The World Does Not Shake China Go back »

2007-11-29 | All chapters

The World Does Not Shake China
Economist, 29th November 2007

On trade or the exchange rate “LET China sleep, for when she wakes the world will shake.” So, purportedly, said Napoleon some 200 years ago. In Beijing this week European leaders have been telling their Chinese counterparts that such unease is at risk of spreading. Once content to let the Americans do the worrying, the EU is joining in.

In the build-up to an annual China-EU summit in Beijing on November 28th, European officials raised hackles by complaining about Chinese trade practices and exchange-rate policy in the kind of direct language that China had thought an annoying American trait. The European Commission's president, José Manuel Barroso, told Communist Party officials that the emergence of China risked being seen by Europeans “as a threat”. Mr Barroso gave warning of “protectionist pressures which would be very difficult to contain” if nothing were done to curb the EU's huge trade deficit with China.

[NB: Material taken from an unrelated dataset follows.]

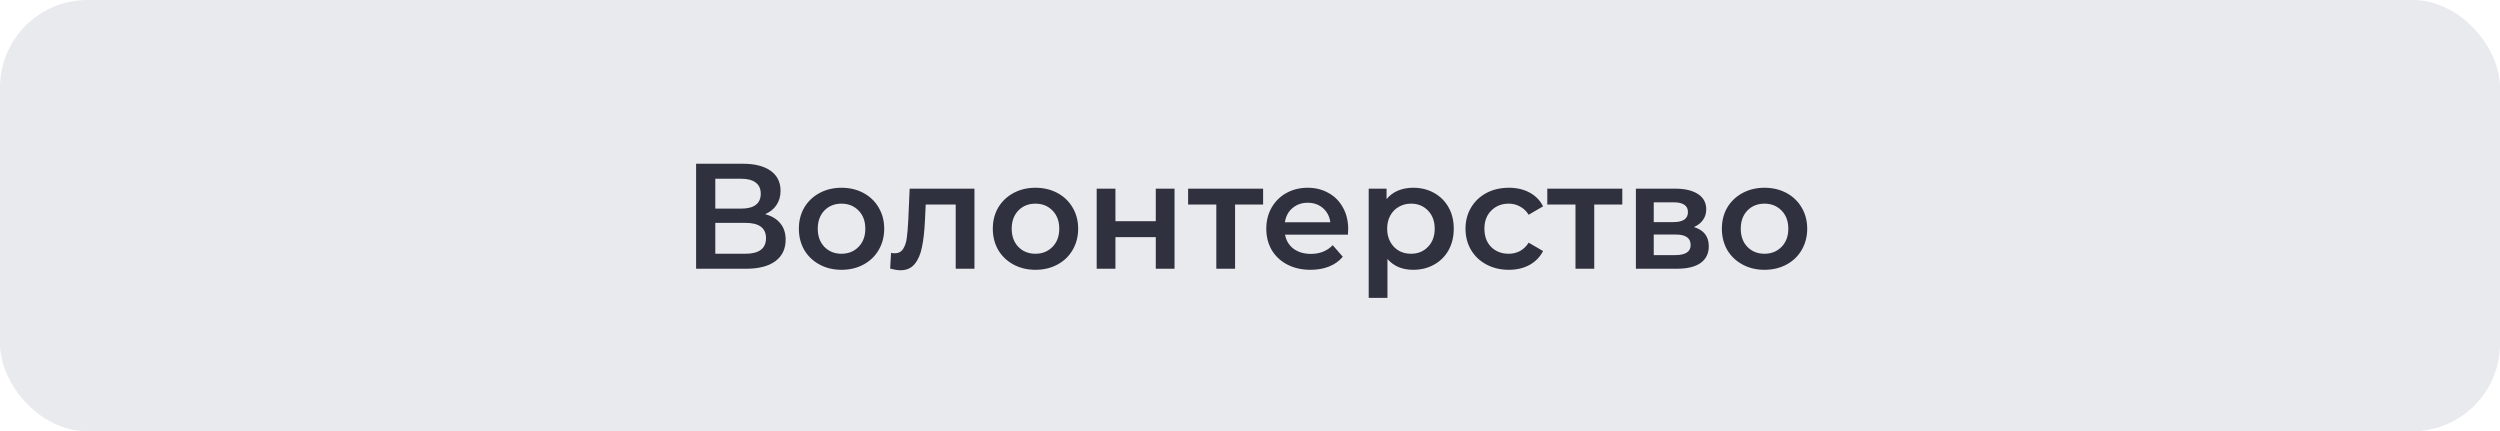 <?xml version="1.0" encoding="UTF-8"?> <svg xmlns="http://www.w3.org/2000/svg" width="400" height="69" viewBox="0 0 400 69" fill="none"> <rect x="0.5" y="0.5" width="399" height="68" rx="13.5" fill="#E9EAEE"></rect> <path d="M122.416 34.264C123.488 34.552 124.304 35.048 124.864 35.752C125.424 36.44 125.704 37.304 125.704 38.344C125.704 39.816 125.16 40.96 124.072 41.776C122.984 42.592 121.408 43 119.344 43H111.376V26.2H118.888C120.776 26.2 122.248 26.576 123.304 27.328C124.36 28.08 124.888 29.144 124.888 30.52C124.888 31.4 124.672 32.16 124.24 32.8C123.824 33.44 123.216 33.928 122.416 34.264ZM114.448 33.376H118.624C119.632 33.376 120.4 33.176 120.928 32.776C121.456 32.376 121.72 31.784 121.72 31C121.72 30.216 121.456 29.624 120.928 29.224C120.4 28.808 119.632 28.6 118.624 28.6H114.448V33.376ZM119.248 40.6C121.456 40.6 122.56 39.768 122.56 38.104C122.56 36.472 121.456 35.656 119.248 35.656H114.448V40.6H119.248ZM134.634 43.168C133.338 43.168 132.17 42.888 131.13 42.328C130.09 41.768 129.274 40.992 128.682 40C128.106 38.992 127.818 37.856 127.818 36.592C127.818 35.328 128.106 34.2 128.682 33.208C129.274 32.216 130.09 31.44 131.13 30.88C132.17 30.32 133.338 30.04 134.634 30.04C135.946 30.04 137.122 30.32 138.162 30.88C139.202 31.44 140.01 32.216 140.586 33.208C141.178 34.2 141.474 35.328 141.474 36.592C141.474 37.856 141.178 38.992 140.586 40C140.01 40.992 139.202 41.768 138.162 42.328C137.122 42.888 135.946 43.168 134.634 43.168ZM134.634 40.6C135.738 40.6 136.65 40.232 137.37 39.496C138.09 38.76 138.45 37.792 138.45 36.592C138.45 35.392 138.09 34.424 137.37 33.688C136.65 32.952 135.738 32.584 134.634 32.584C133.53 32.584 132.618 32.952 131.898 33.688C131.194 34.424 130.842 35.392 130.842 36.592C130.842 37.792 131.194 38.76 131.898 39.496C132.618 40.232 133.53 40.6 134.634 40.6ZM155.913 30.184V43H152.913V32.728H148.113L147.993 35.272C147.913 36.968 147.753 38.392 147.513 39.544C147.289 40.68 146.897 41.584 146.337 42.256C145.793 42.912 145.041 43.24 144.081 43.24C143.633 43.24 143.081 43.152 142.425 42.976L142.569 40.456C142.793 40.504 142.985 40.528 143.145 40.528C143.753 40.528 144.209 40.288 144.513 39.808C144.817 39.312 145.009 38.728 145.089 38.056C145.185 37.368 145.265 36.392 145.329 35.128L145.545 30.184H155.913ZM165.666 43.168C164.37 43.168 163.202 42.888 162.162 42.328C161.122 41.768 160.306 40.992 159.714 40C159.138 38.992 158.85 37.856 158.85 36.592C158.85 35.328 159.138 34.2 159.714 33.208C160.306 32.216 161.122 31.44 162.162 30.88C163.202 30.32 164.37 30.04 165.666 30.04C166.978 30.04 168.154 30.32 169.194 30.88C170.234 31.44 171.042 32.216 171.618 33.208C172.21 34.2 172.506 35.328 172.506 36.592C172.506 37.856 172.21 38.992 171.618 40C171.042 40.992 170.234 41.768 169.194 42.328C168.154 42.888 166.978 43.168 165.666 43.168ZM165.666 40.6C166.77 40.6 167.682 40.232 168.402 39.496C169.122 38.76 169.482 37.792 169.482 36.592C169.482 35.392 169.122 34.424 168.402 33.688C167.682 32.952 166.77 32.584 165.666 32.584C164.562 32.584 163.65 32.952 162.93 33.688C162.226 34.424 161.874 35.392 161.874 36.592C161.874 37.792 162.226 38.76 162.93 39.496C163.65 40.232 164.562 40.6 165.666 40.6ZM175.469 30.184H178.469V35.392H184.925V30.184H187.925V43H184.925V37.936H178.469V43H175.469V30.184ZM202.098 32.728H197.61V43H194.61V32.728H190.098V30.184H202.098V32.728ZM215.711 36.664C215.711 36.872 215.695 37.168 215.663 37.552H205.607C205.783 38.496 206.239 39.248 206.975 39.808C207.727 40.352 208.655 40.624 209.759 40.624C211.167 40.624 212.327 40.16 213.239 39.232L214.847 41.08C214.271 41.768 213.543 42.288 212.663 42.64C211.783 42.992 210.791 43.168 209.687 43.168C208.279 43.168 207.039 42.888 205.967 42.328C204.895 41.768 204.063 40.992 203.471 40C202.895 38.992 202.607 37.856 202.607 36.592C202.607 35.344 202.887 34.224 203.447 33.232C204.023 32.224 204.815 31.44 205.823 30.88C206.831 30.32 207.967 30.04 209.231 30.04C210.479 30.04 211.591 30.32 212.567 30.88C213.559 31.424 214.327 32.2 214.871 33.208C215.431 34.2 215.711 35.352 215.711 36.664ZM209.231 32.44C208.271 32.44 207.455 32.728 206.783 33.304C206.127 33.864 205.727 34.616 205.583 35.56H212.855C212.727 34.632 212.335 33.88 211.679 33.304C211.023 32.728 210.207 32.44 209.231 32.44ZM226.097 30.04C227.345 30.04 228.457 30.312 229.433 30.856C230.425 31.4 231.201 32.168 231.761 33.16C232.321 34.152 232.601 35.296 232.601 36.592C232.601 37.888 232.321 39.04 231.761 40.048C231.201 41.04 230.425 41.808 229.433 42.352C228.457 42.896 227.345 43.168 226.097 43.168C224.369 43.168 223.001 42.592 221.993 41.44V47.656H218.993V30.184H221.849V31.864C222.345 31.256 222.953 30.8 223.673 30.496C224.409 30.192 225.217 30.04 226.097 30.04ZM225.761 40.6C226.865 40.6 227.769 40.232 228.473 39.496C229.193 38.76 229.553 37.792 229.553 36.592C229.553 35.392 229.193 34.424 228.473 33.688C227.769 32.952 226.865 32.584 225.761 32.584C225.041 32.584 224.393 32.752 223.817 33.088C223.241 33.408 222.785 33.872 222.449 34.48C222.113 35.088 221.945 35.792 221.945 36.592C221.945 37.392 222.113 38.096 222.449 38.704C222.785 39.312 223.241 39.784 223.817 40.12C224.393 40.44 225.041 40.6 225.761 40.6ZM241.418 43.168C240.09 43.168 238.898 42.888 237.842 42.328C236.786 41.768 235.962 40.992 235.37 40C234.778 38.992 234.482 37.856 234.482 36.592C234.482 35.328 234.778 34.2 235.37 33.208C235.962 32.216 236.778 31.44 237.818 30.88C238.874 30.32 240.074 30.04 241.418 30.04C242.682 30.04 243.786 30.296 244.73 30.808C245.69 31.32 246.41 32.056 246.89 33.016L244.586 34.36C244.218 33.768 243.754 33.328 243.194 33.04C242.65 32.736 242.05 32.584 241.394 32.584C240.274 32.584 239.346 32.952 238.61 33.688C237.874 34.408 237.506 35.376 237.506 36.592C237.506 37.808 237.866 38.784 238.586 39.52C239.322 40.24 240.258 40.6 241.394 40.6C242.05 40.6 242.65 40.456 243.194 40.168C243.754 39.864 244.218 39.416 244.586 38.824L246.89 40.168C246.394 41.128 245.666 41.872 244.706 42.4C243.762 42.912 242.666 43.168 241.418 43.168ZM259.566 32.728H255.078V43H252.078V32.728H247.566V30.184H259.566V32.728ZM271.031 36.328C272.615 36.808 273.407 37.832 273.407 39.4C273.407 40.552 272.975 41.44 272.111 42.064C271.247 42.688 269.967 43 268.271 43H261.743V30.184H268.007C269.575 30.184 270.799 30.472 271.679 31.048C272.559 31.624 272.999 32.44 272.999 33.496C272.999 34.152 272.823 34.72 272.471 35.2C272.135 35.68 271.655 36.056 271.031 36.328ZM264.599 35.536H267.743C269.295 35.536 270.071 35 270.071 33.928C270.071 32.888 269.295 32.368 267.743 32.368H264.599V35.536ZM268.031 40.816C269.679 40.816 270.503 40.28 270.503 39.208C270.503 38.648 270.311 38.232 269.927 37.96C269.543 37.672 268.943 37.528 268.127 37.528H264.599V40.816H268.031ZM282.314 43.168C281.018 43.168 279.85 42.888 278.81 42.328C277.77 41.768 276.954 40.992 276.362 40C275.786 38.992 275.498 37.856 275.498 36.592C275.498 35.328 275.786 34.2 276.362 33.208C276.954 32.216 277.77 31.44 278.81 30.88C279.85 30.32 281.018 30.04 282.314 30.04C283.626 30.04 284.802 30.32 285.842 30.88C286.882 31.44 287.69 32.216 288.266 33.208C288.858 34.2 289.154 35.328 289.154 36.592C289.154 37.856 288.858 38.992 288.266 40C287.69 40.992 286.882 41.768 285.842 42.328C284.802 42.888 283.626 43.168 282.314 43.168ZM282.314 40.6C283.418 40.6 284.33 40.232 285.05 39.496C285.77 38.76 286.13 37.792 286.13 36.592C286.13 35.392 285.77 34.424 285.05 33.688C284.33 32.952 283.418 32.584 282.314 32.584C281.21 32.584 280.298 32.952 279.578 33.688C278.874 34.424 278.522 35.392 278.522 36.592C278.522 37.792 278.874 38.76 279.578 39.496C280.298 40.232 281.21 40.6 282.314 40.6Z" fill="#2F313F"></path> <rect x="0.5" y="0.5" width="399" height="68" rx="13.5" stroke="#E9EAEE"></rect> </svg>

Peter Mandelson, the EU's trade commissioner, was similarly blunt on China's rampant abuse of intellectual-property rights. “The problems continue to get worse, and the world—particularly China—is changing too fast to wait longer,” he said in Beijing. It was hard, he said, to see how much longer Europe's patience would last. He also took a swipe at China for suggesting that European concerns about the safety of Chinese products were being used to excuse protectionism. Wu Yi, a deputy prime minister, said she was “extremely dissatisfied” with his remarks.

Europe's disquiet is likely to grow. Last year its trade deficit with China reached €131 billion ($164 billion), say EU figures. This year it is expected to grow to €150billion- 160 billion, on a par with America's record deficit with China in 2006 (see chart). That is the more disturbing for Europeans because they are not used to it: for years, their trade deficit was China was modest. The yuan has been appreciating slowly against the dollar in the past couple of years. But it has been declining against the euro. This is making Chinese imports even cheaper for Europeans—good news for consumers and companies making products in China for export to Europe, but bad news for exporters and uncompetitive industries in Europe itself.

China is showing little sign of yielding to European and American complaints about what those countries see as a grossly undervalued yuan. The official line remains that any change should be gradual. Nor is it anxious to take up the grouses of European and American companies about the difficulties of doing business in China. A survey released last week by the European Chamber of Commerce in China showed that many responding companies felt that China was trying to circumvent the marketopening commitments it made to the World Trade Organisation.

Once hopeful that the EU might act as a counterbalance to American power, China's expectations have receded as more pro-American leaders have taken over in Germany and France. The EU may be China's biggest trading partner, but it ranks far lower in China's political calculations. A report from Chatham House, a British thinktank, says China believes Europe lacks strategic vision and suffers from internal discord, impeding its credibility.

It also argues that China has a clear understanding of EU institutions. It is certainly true that China has been exploiting EU divisions to the full. Following an unprecedented meeting in September between Germany's chancellor, Angela Merkel, and Tibet's exiled leader, the Dalai Lama (see article), China has vented its rage by cancelling a number of engagements with Germany, its largest export market in the EU.

By contrast it gave a warm welcome to France's president, Nicolas Sarkozy, who visited China just before the EU summit, conspicuously neglecting to bring his human-rights minister along. Mr Sarkozy oversaw the signing of a deal worth $11.9 billion for the sale of two French nuclear reactors to China and another for the sale of $17 billion-worth of Airbus aircraft.

China takes America more seriously. Its punishment of Germany has been tougher than its response to the first public appearance by an American president with the Dalai Lama in October. But even with the Americans, China let its pique be known. Last month it abruptly blocked a Thanksgiving visit to Hong Kong by the American aircraft carrier Kitty Hawk and her escorting ships, until it was too late for them to change course before the holiday. At least America's Treasury secretary, Hank Paulson, is still due to visit Beijing this month. But like those of Europeans, his concerns about the yuan and trade imbalances will receive a polite brush-off.